I get 'Dog Advisor'   warnings from time to  time  in my email about what to stay away from  ...  
Today it was about * BHA,* something that is a preservative in many pet foods and treats. If you look at all ingredients in prepared dog/cat food, chances are you will find it there.  

Too much in their diet can cause  Cancer....   So, they (experts)  say to vary the diet of your animals when buying prepared food.


----------



## squatting dog (Nov 18, 2021)

All our rescues get whatever we're having. (people food minus a few bad things of course). Most of them have lived 14-16 years so I don't think it's bad for them.    We do keep a little crunchy dog food to help their teeth. No floor sweepings though. (that's what we call most dry dog food).


----------



## WheatenLover (Nov 25, 2021)

Balance It is a supplement to add to homemade dog food to make sure all of the dog's nutritional needs are met. It was developed at the University of California Davis veterinary school, IIRC. There are recipes onsite, too.
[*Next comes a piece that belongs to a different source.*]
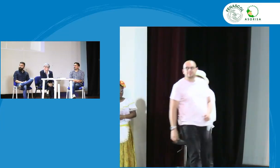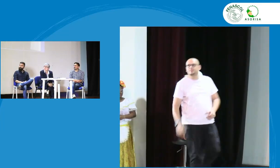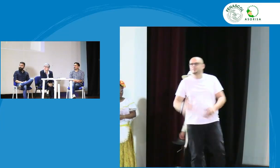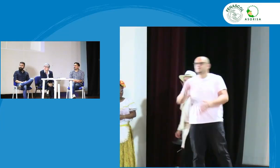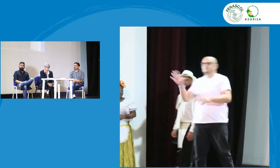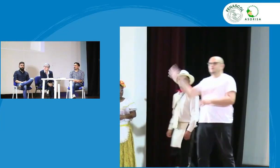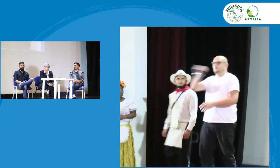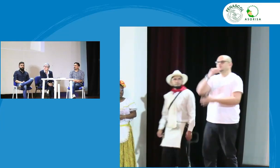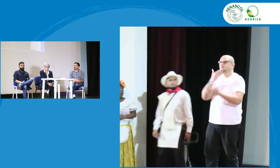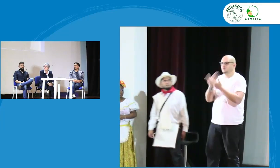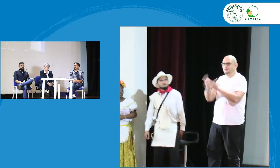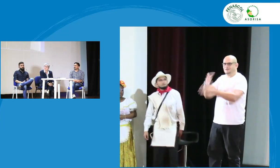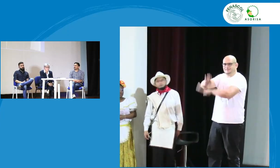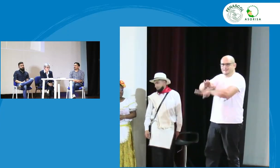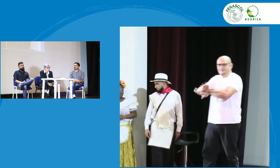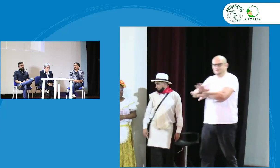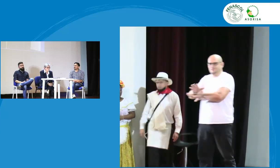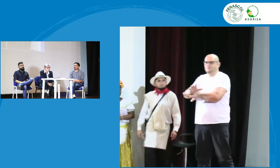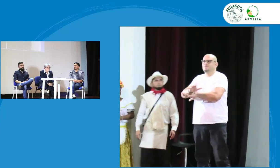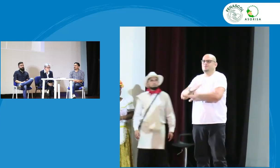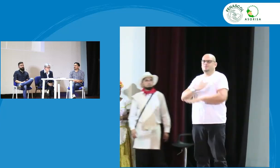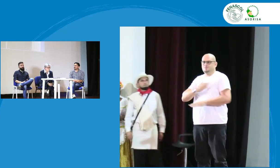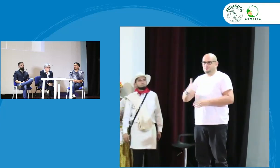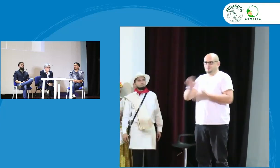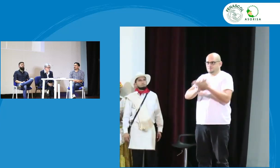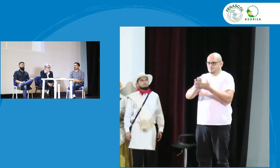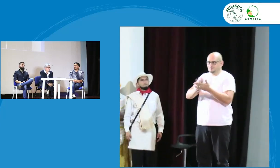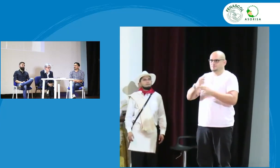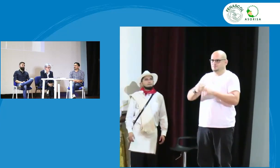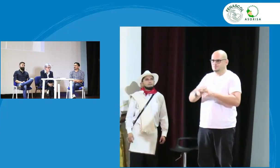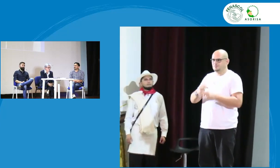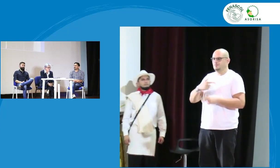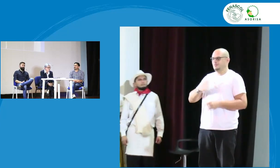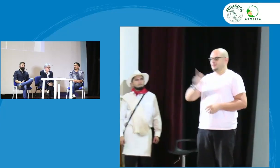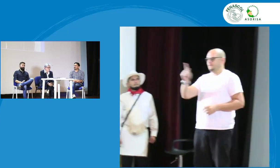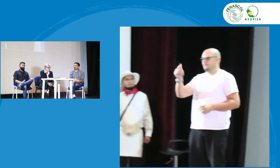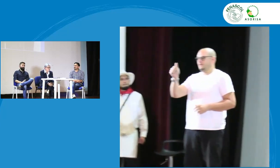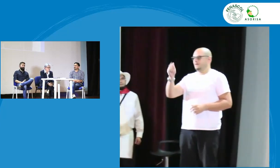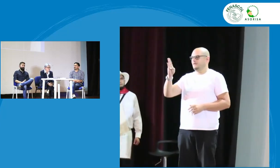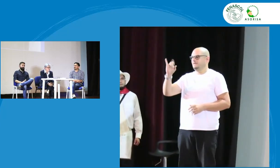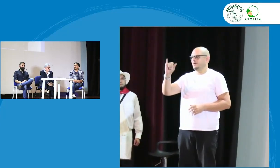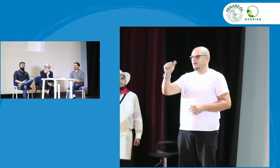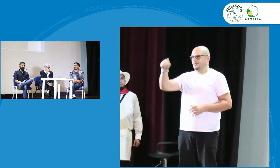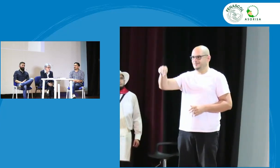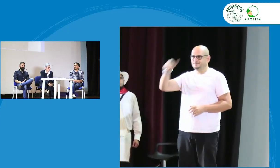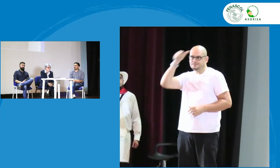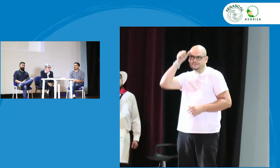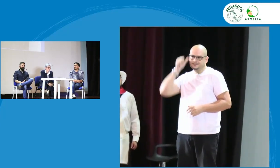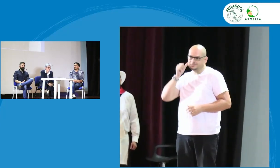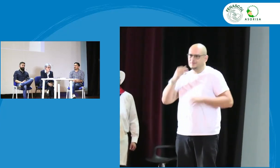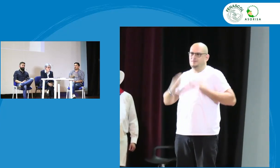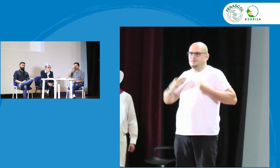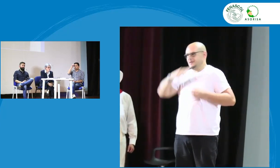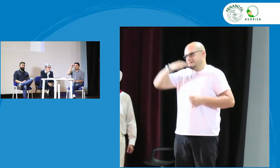Buenas tardes para todos, mucho gusto, mi nombre es Fabián, esta es mi seña y soy de Medellín.
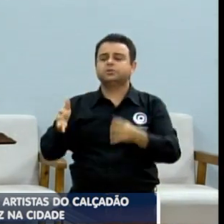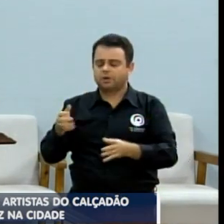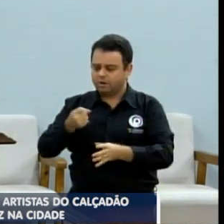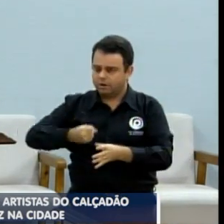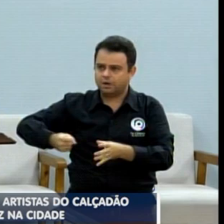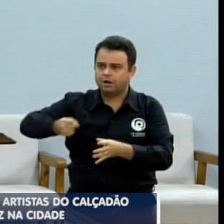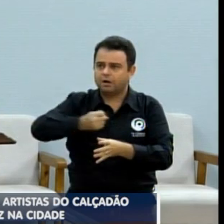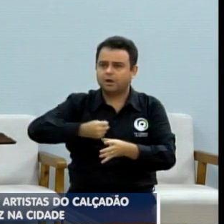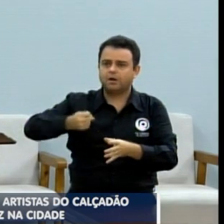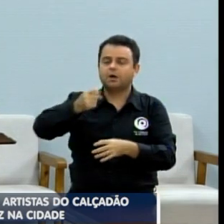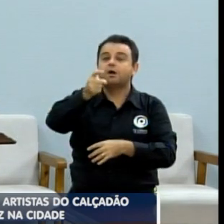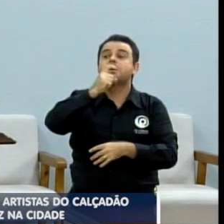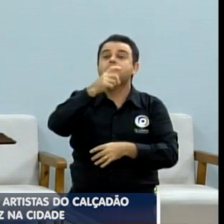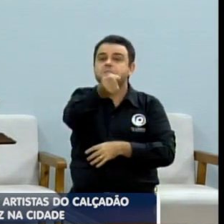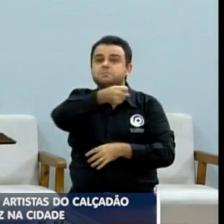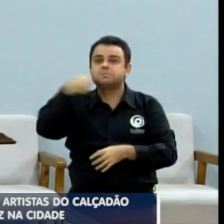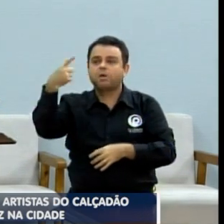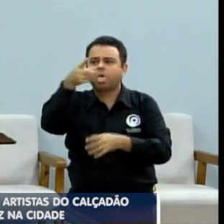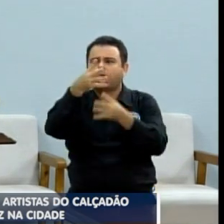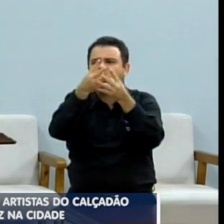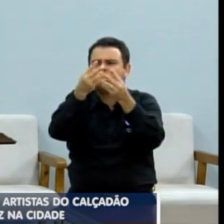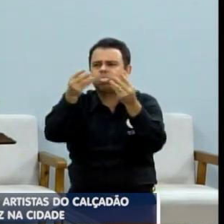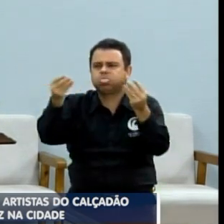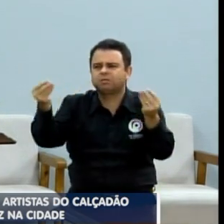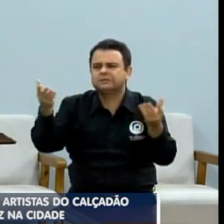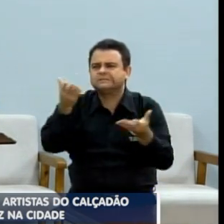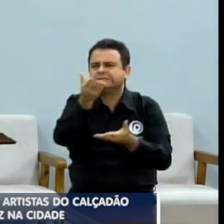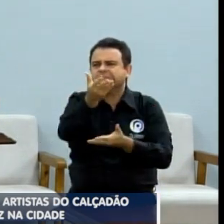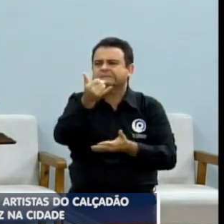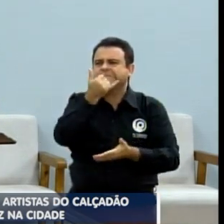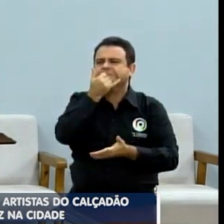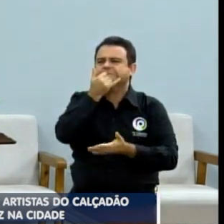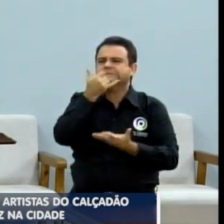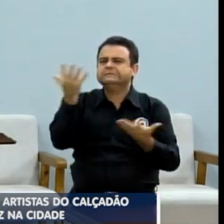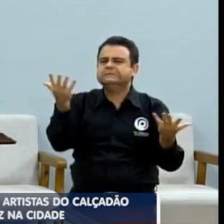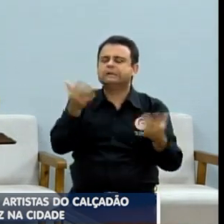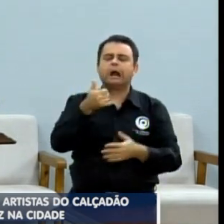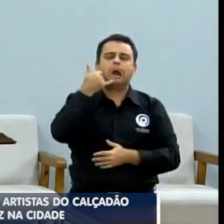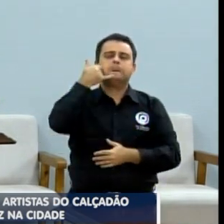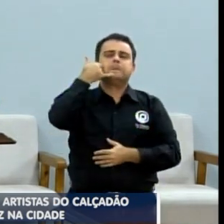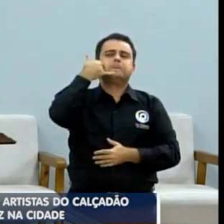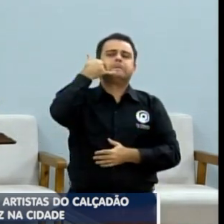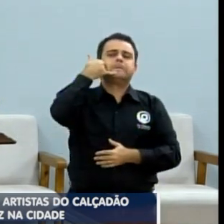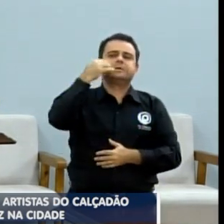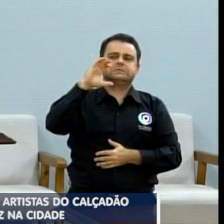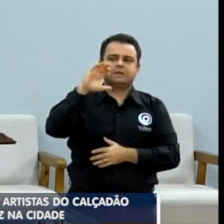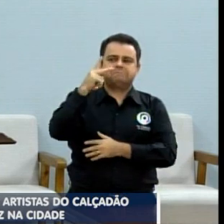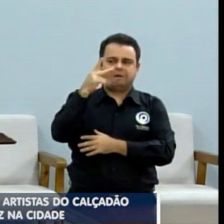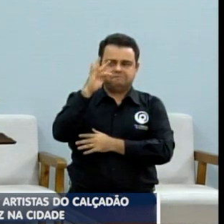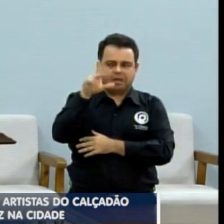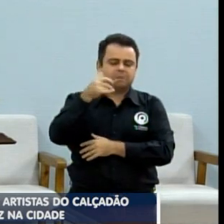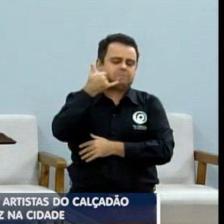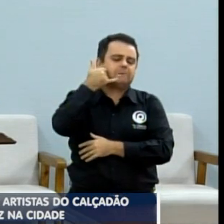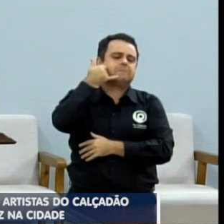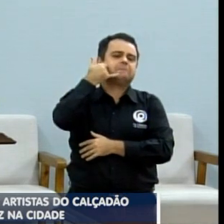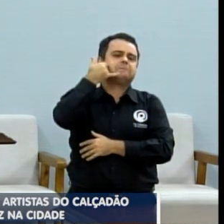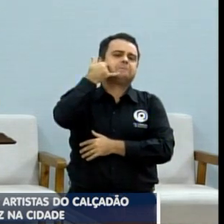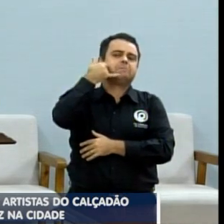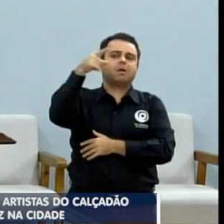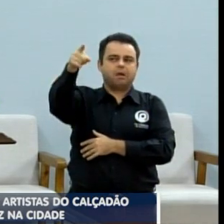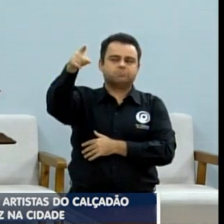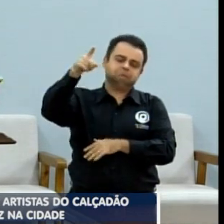descongelado, estragado. E aí? Ah, eu vou fazer o contato com a CPFL, eles vão emitir ali um

Here's a link if you are interested:  https://secure.balanceit.com/index.php?rotator=Front


----------



## Flaneuse (Nov 25, 2021)

I do home made for one of my dogs because she has a number of medical conditions and no commercial food will meet all of her needs.  Her diet was developed by nutritionists at UC Davis.  I firmly second the recommendation for the Balance It site  - I have used those recipes for my other two dogs in the past.  I know that for one dog at least, her food will never be subject to a recall.


----------



## Della (Dec 29, 2021)

I'm thinking about making my dog's food. I've always boiled chicken tenders for her and shredded a fourth of one on top of her kibble every evening.  

Today she had all her teeth removed  so I don't think she'll be able to manage the kibble anymore.  She's a 12 year-old mini-dachshund so she doesn't eat a lot and the price of food doesn't matter much when a can of food would last several days.  It's just that she's never had canned food and I know some kinds aren't all that healthy.

Recipes online seem to use ground turkey or beef, oatmeal or rice, and carrots.  I might experiment a little.  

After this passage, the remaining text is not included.